Happy Programming Contest zoj3703 dp

Happy Programming Contest zoj3703 dp

Description
In Zhejiang University Programming Contest, a team is called "couple team" if it consists of only two students loving each other. in the contest, the team will get a lovely balloon with unique color for each problem they solved. since the girl wowould prefer pink balloon rather than black balloon, each color is assigned a value to measure its attractiveness. usually, the boy is good at programming while the girl is charming. the boy wishes to solve problems as follows as possible. however, the girl cares more about the lovely balloons. of course, the boy's primary goal is to make the girl happy rather than win a prize in the contest.

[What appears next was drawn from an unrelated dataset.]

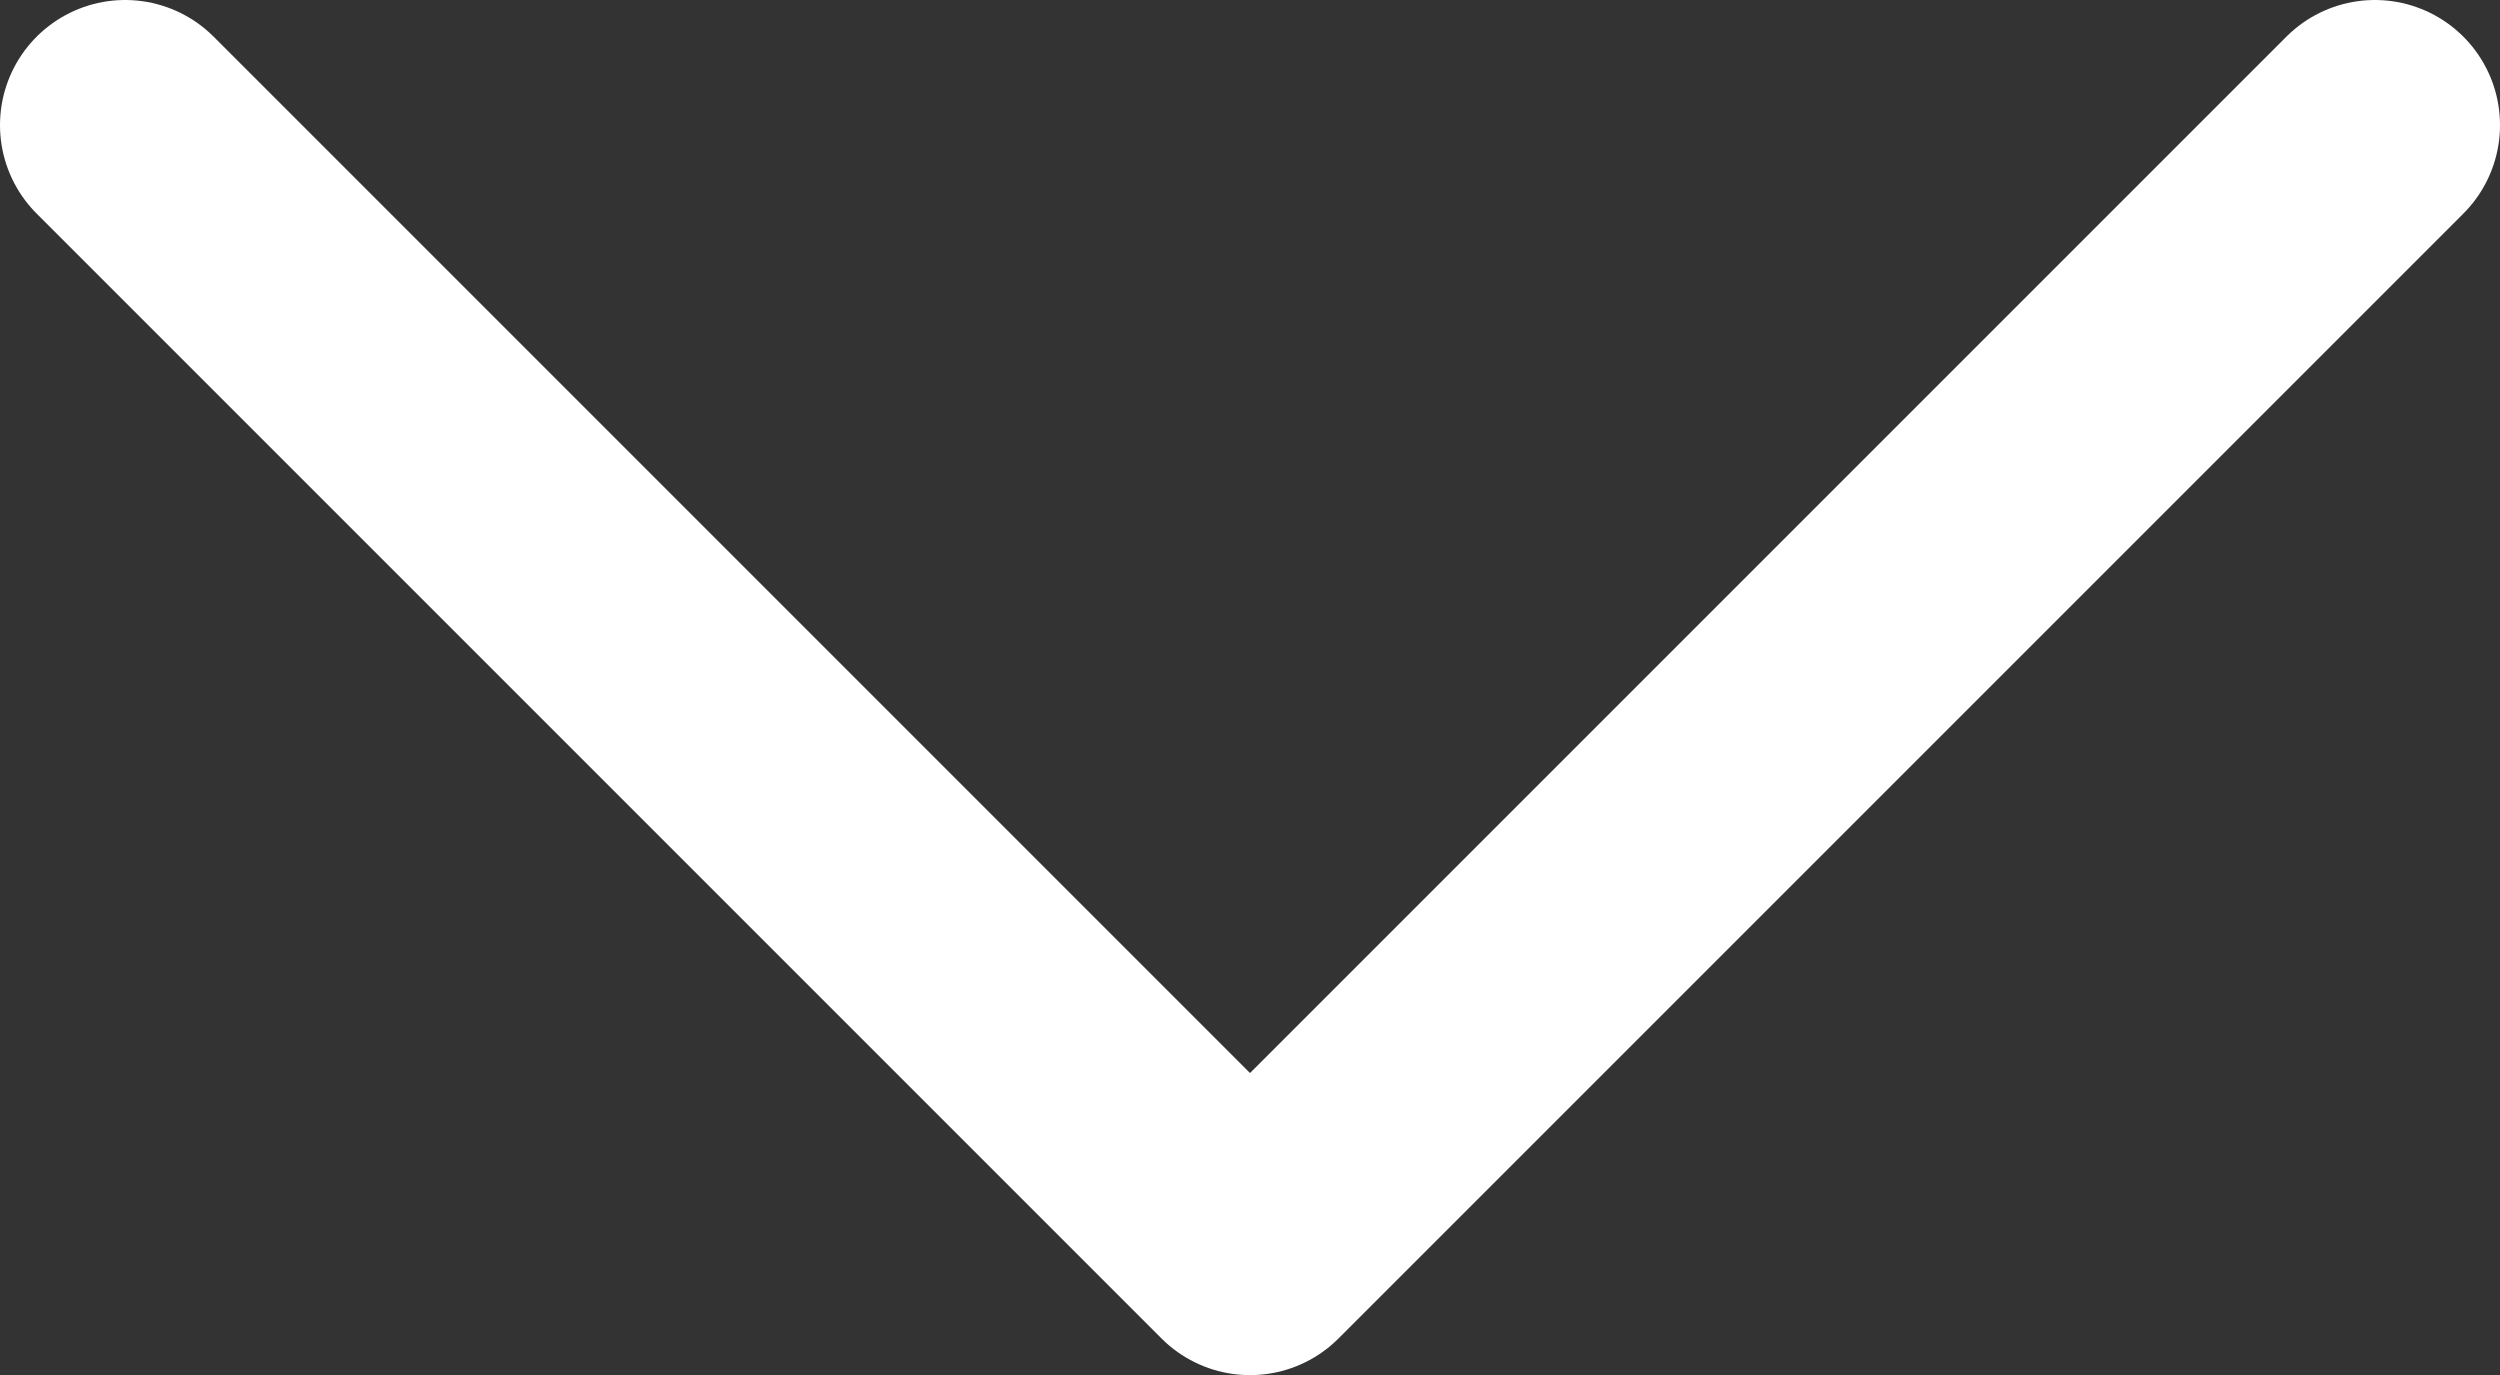<?xml version="1.0"?>
<svg xmlns="http://www.w3.org/2000/svg" id="Layer_1" data-name="Layer 1" viewBox="0 0 139.86 76.93" width="139.86" height="76.93" x="0" y="0"><rect x="0" y="0" width="139.86" height="76.93" fill="#333333" stroke="none"/><defs><style>.cls-1{fill:none;stroke:#fff;stroke-linecap:round;stroke-linejoin:round;stroke-width:14px;}</style></defs><title>Arrow Down White</title><polyline class="cls-1" points="132.86 7 69.93 69.93 7 7"/></svg>

Suppose for each problem, the boy already knows how much time he needs to solve it. please help him make a plan to solve these problems in strategic order so that he can maximize the total attractiveness value of balloons they get before the contest ends. under this condition, he wants to solve problems as same as possible. if there are always ways to achieve this goal, he needs to minimize the total penalty time. the penalty time of a problem is equal to the submission time of the correct solution. we assume that the boy is so clever that he always submit the correct solution.

Input
The first line of input is an integer N (N <50) indicating the number of test cases. for each case, first there is a line containing 2 integers T (T <= 1000) and n (n <= 50) indicating the contest length and the number of problems. the next line contains n integers and the I-th integer ti (ti <= 1000) represents the time needed to solve the ith problem. finally, there is another line containing n integers and the I-th integer vi (vi <= 1000) represents the attractiveness value of the I-th problem. time is measured in minutes.

Output
For each case, output a single line containing 3 integers in this order: the total attractiveness value, the number of problems solved, the total penalty time. the 3 integers shoshould be separated by a space.

Sample Input
2
300 10
10 10 10 10 10 10 10 10 10 10
1 2 3 4 5 6 7 8 9 10
300 10
301 301 301 301 301 301 301 301 301 301
1000 1000 1000 1000 1000 1000 1000 1000 1000 1000

Sample Output
55 10 550
0 0 0

(1) Question: there is a right to go to the competition. Brought a girl. Each question has a value that attracts girls. It gives you the total time, some questions, and each question gives you the time spent and the appeal value. Then, you can select A question A solution within the total time to maximize the attractiveness. If there are multiple situations, you can choose A solution with A large number of questions. If there are multiple situations, select less penalty. (Don't care if you can win)
(2) solution: the knapsack problem. This article focuses on the following comparison relationships. If you look at the first condition, it is the bare 01 backpack, but then process the remaining two conditions, that is, add some conditions in the status transfer: f [v] = max {f [v], f [v-c [I] + w [I]}. When the conditions are met, the status is transferred again. First, to meet the attractiveness of the situation, then consider the number of problems to solve, and finally consider the issue of penalty. Such a single backpack f [v] = max {f [v], f [v-c [I] + w [I]} becomes a multivariate condition.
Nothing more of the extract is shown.